The nausea was most acute when he was standing on the moving boat, so he’d stop his pain medication when he went out to sea. This resulted in his returning to land in acute pain. A nurse practitioner sought the TelePain expert panel’s advice for how to treat his pain while respecting his lifestyle/work decision.
“Our rehab specialists said to give the fisherman information on how to lift equipment correctly, and the anesthesiologist, who is board-certified in acupuncture/acupressure, gave advice on using acupuncture to control nausea,” Doorenbos says. “And the pharmacist gave advice on how to control the medications.”
The provider hadn’t considered any of these pain strategies before the teleconference and decided to try all of them, she notes.
“We ask for a follow-up in six to eight weeks, and in this case it worked really well,” Doorenbos says. “The fisherman was able to manage his pain much better while on the boat.”
The TelePain program’s benefits extend beyond the single cases that are heard at a particular session, Tauben says.

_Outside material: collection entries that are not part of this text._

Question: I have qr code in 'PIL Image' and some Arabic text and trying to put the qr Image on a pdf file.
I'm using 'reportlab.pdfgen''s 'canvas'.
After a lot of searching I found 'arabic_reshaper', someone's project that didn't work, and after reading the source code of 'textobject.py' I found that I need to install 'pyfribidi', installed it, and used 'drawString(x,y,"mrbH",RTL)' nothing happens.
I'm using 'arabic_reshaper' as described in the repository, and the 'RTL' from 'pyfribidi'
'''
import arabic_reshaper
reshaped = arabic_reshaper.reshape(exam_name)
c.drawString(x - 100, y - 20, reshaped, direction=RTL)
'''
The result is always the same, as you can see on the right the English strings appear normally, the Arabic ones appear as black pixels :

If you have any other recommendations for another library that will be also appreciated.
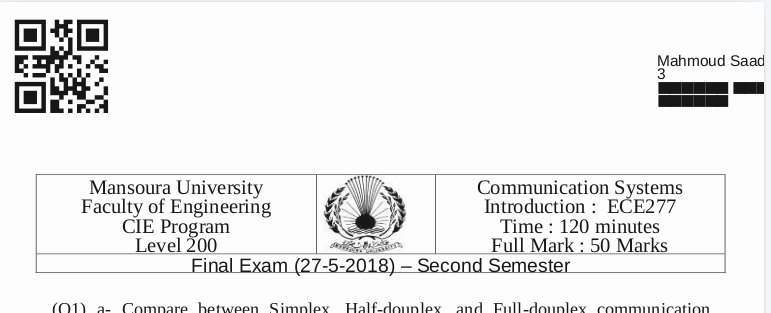
Answer: Thanks to some developers who noted that the problem is caused by the font I was able to fix it.
First I downloaded an Arabic 'TTF' font, and as I'm using 'linux' I placed it in ''/usr/share/fonts'' then I did the following:
'''
import reportlab
import arabic_reshaper
from bidi.algorithm import get_display
from reportlab.pdfbase import pdfmetrics
from reportlab.pdfbase.ttfonts import TTFont
// BASE_DIR = os.path.dirname(os.path.dirname(os.path.abspath(__file__)))
reportlab.rl_config.TTFSearchPath.append(str(settings.BASE_DIR))
pdfmetrics.registerFont(TTFont('Arabic', '/usr/share/fonts/tradbdo.TTF'))
ar = arabic_reshaper.reshape(u'l`rby@')
ar = get_display(ar)
canvas.setFont('Arabic', 32)
canvas.drawString(x - 100, y, ar)
'''
and now everything is working just fine.
<URL>
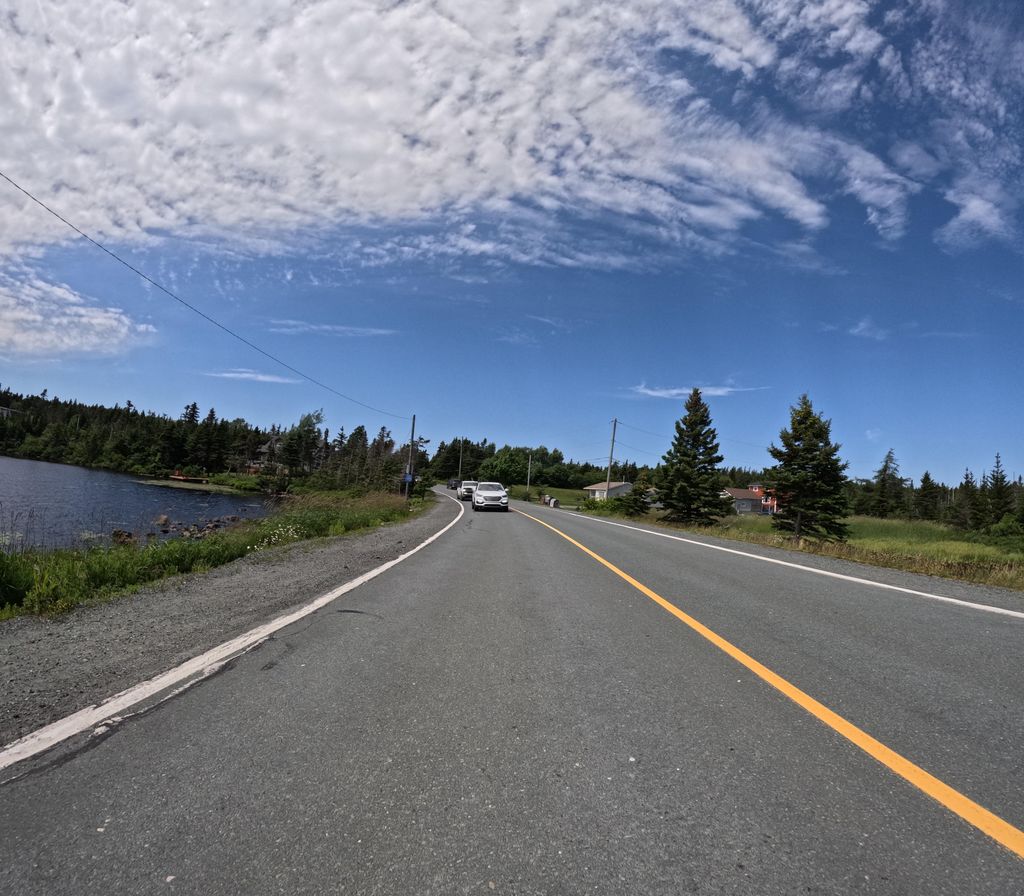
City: st_johns
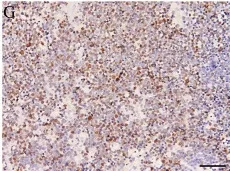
Histopathological features of the plasmablastic lymphoma (PBL) patient. (G) EBER in situ hybridization showed positive staining of plasmablasts (scale bar, 100 mum).
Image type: pathology (fish)
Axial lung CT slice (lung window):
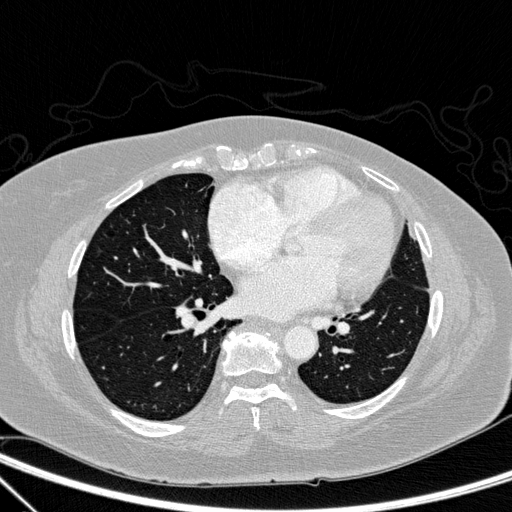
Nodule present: no
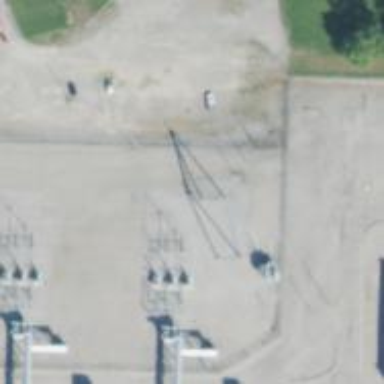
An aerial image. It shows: Triple tower power pole.
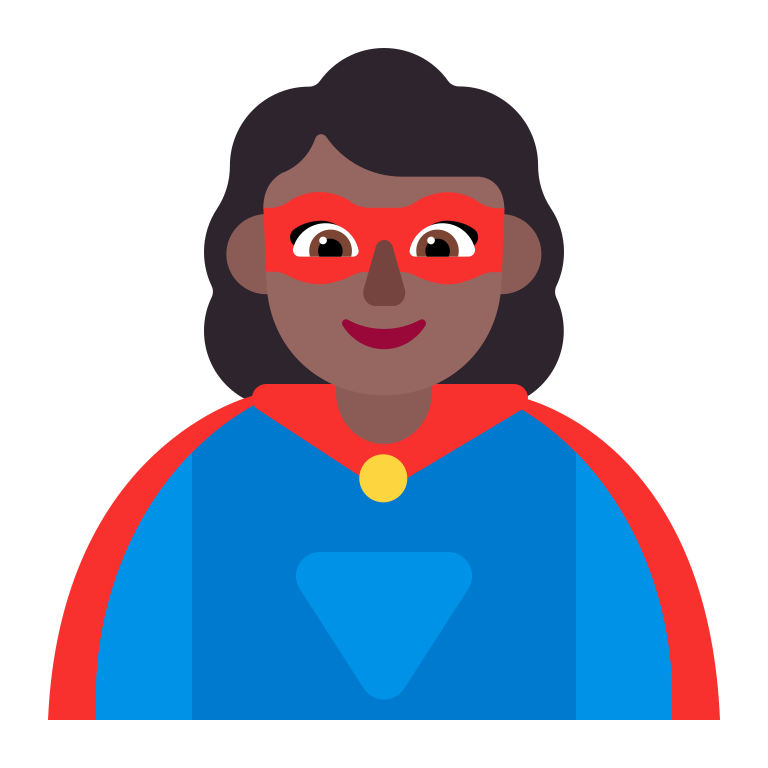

For individual patients and families, there are immediate benefits to their pain management, and they can achieve this help from the community provider they trust, he says.
It also saves healthcare costs because patients do not have to travel to distant hospitals and providers to find relief from their pain, and their treatments typically are more effective, requiring fewer medical resources, he adds.
But there also are benefits to all of the healthcare providers who are listening in to the sessions. They can learn tips that they can use with their own patient populations. “It’s value-based care, and the value we add is cost-avoidance and fulfilling the goal of reducing the total expense of pain care delivery,” Tauben says.
The University of Washington in Seattle addresses the need for pain management experts to reach underserved communities through a TelePain program that incorporates case management practices and a community of practice.